Restate the entries below exactly, and keep all images out of the answer.

Collection entries
# # #
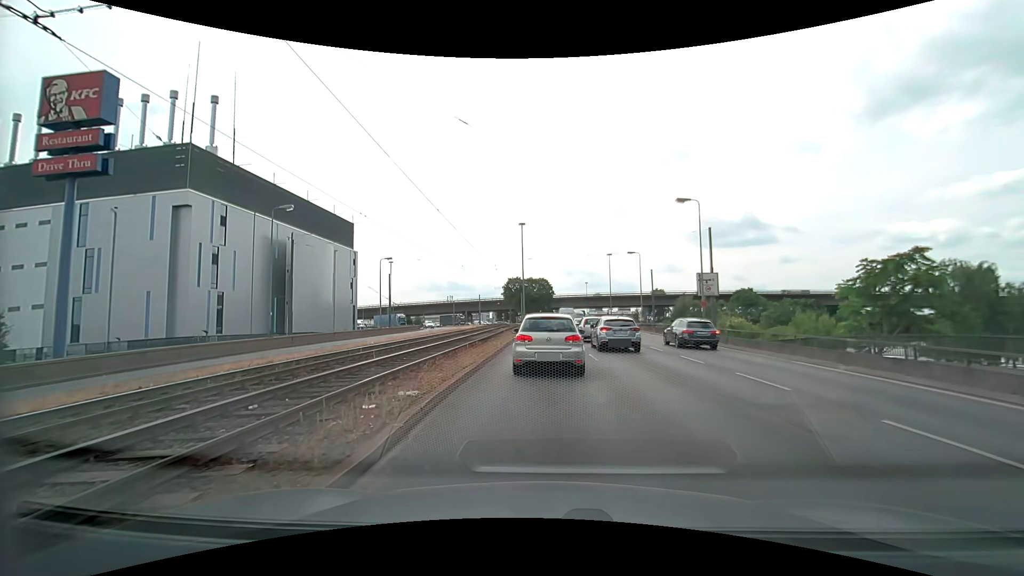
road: primary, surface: asphalt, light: Day
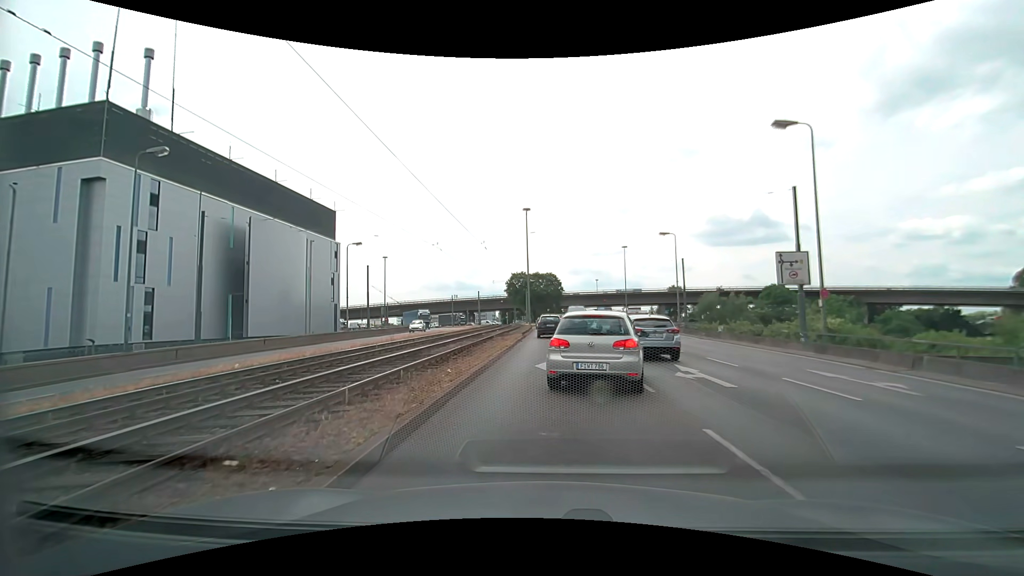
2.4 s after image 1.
(0.0, +13.2) m; -1°
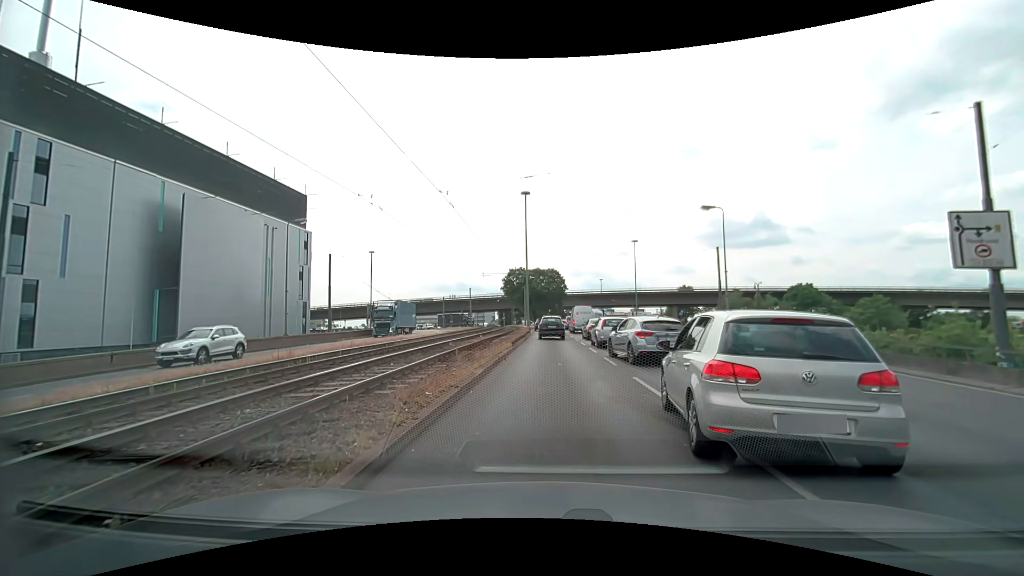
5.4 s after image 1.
(-0.1, +12.2) m; 0°
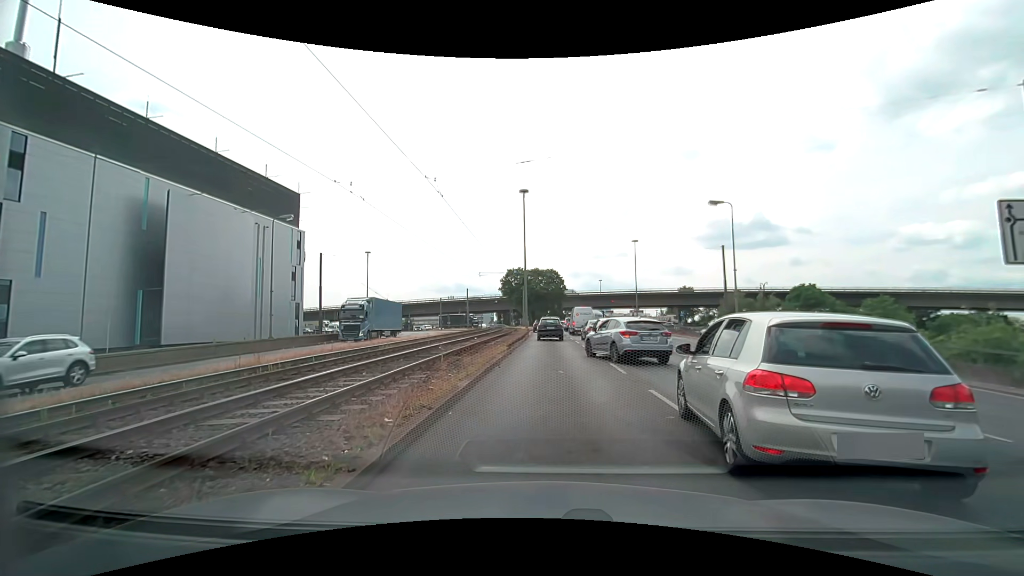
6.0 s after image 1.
(0.0, +2.0) m; +1°
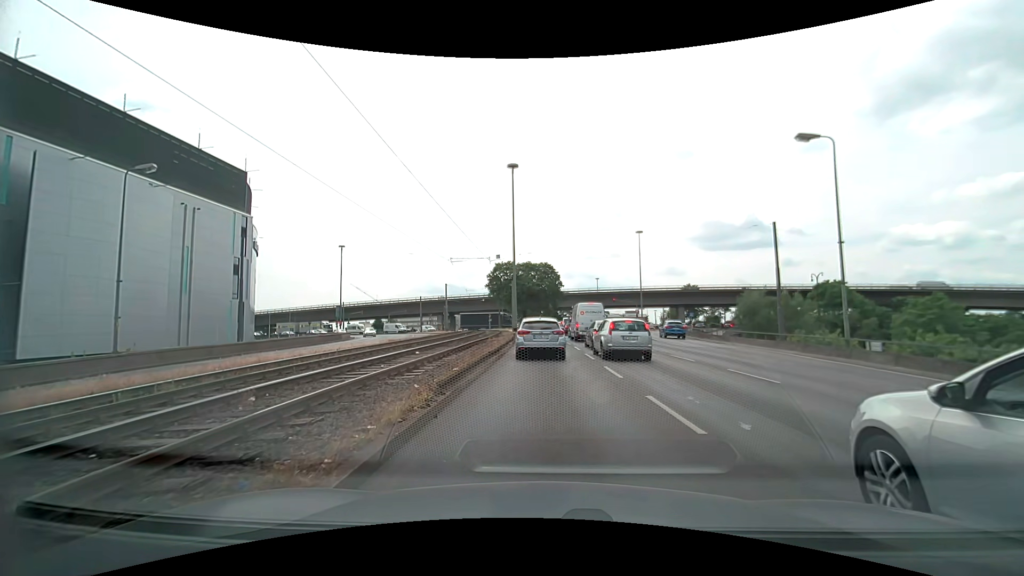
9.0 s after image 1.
(-0.1, +13.0) m; 0°
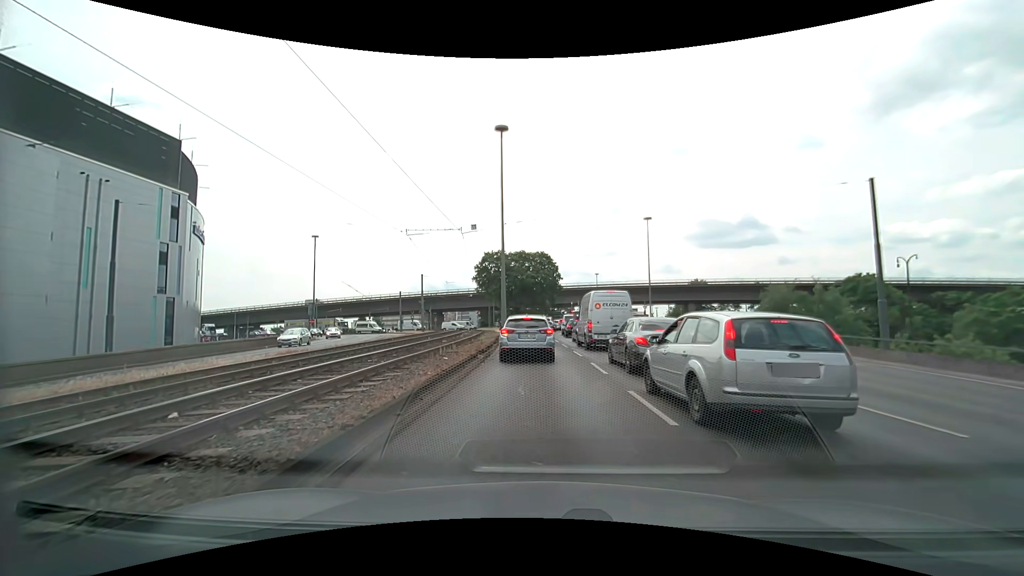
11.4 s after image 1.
(+0.1, +11.6) m; -1°
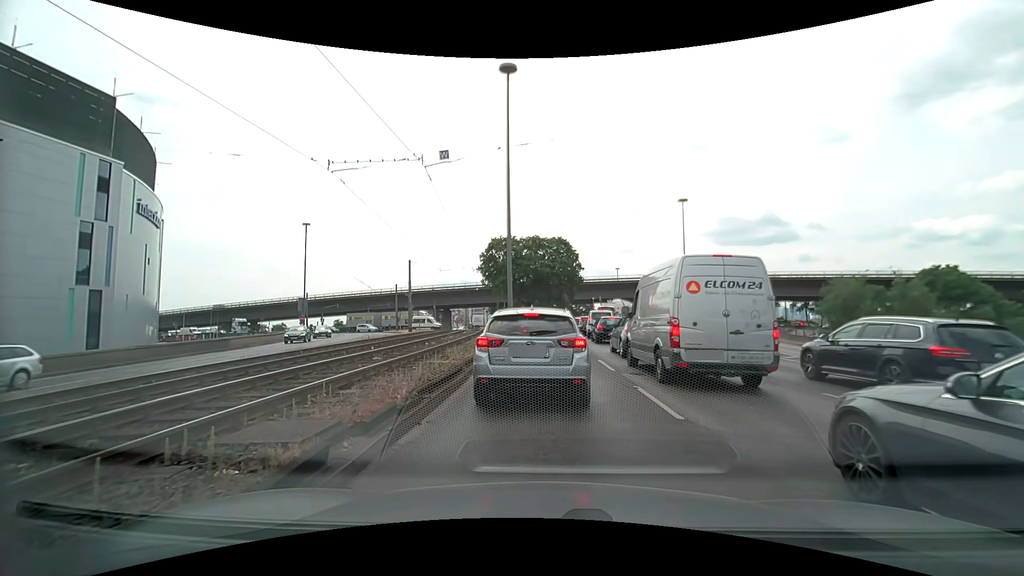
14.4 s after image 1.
(+0.2, +11.6) m; 0°
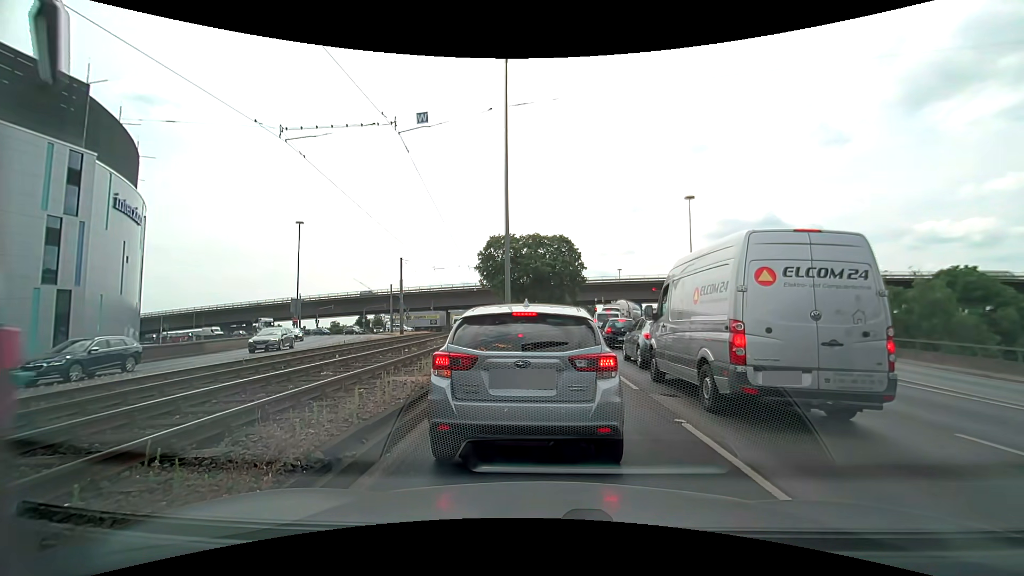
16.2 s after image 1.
# # #
[The completed task]:
road: primary, surface: asphalt, light: Day
2.4 s after image 1.
(0.0, +13.2) m; -1°
5.4 s after image 1.
(-0.1, +12.2) m; 0°
6.0 s after image 1.
(0.0, +2.0) m; +1°
9.0 s after image 1.
(-0.1, +13.0) m; 0°
11.4 s after image 1.
(+0.1, +11.6) m; -1°
14.4 s after image 1.
(+0.2, +11.6) m; 0°
16.2 s after image 1.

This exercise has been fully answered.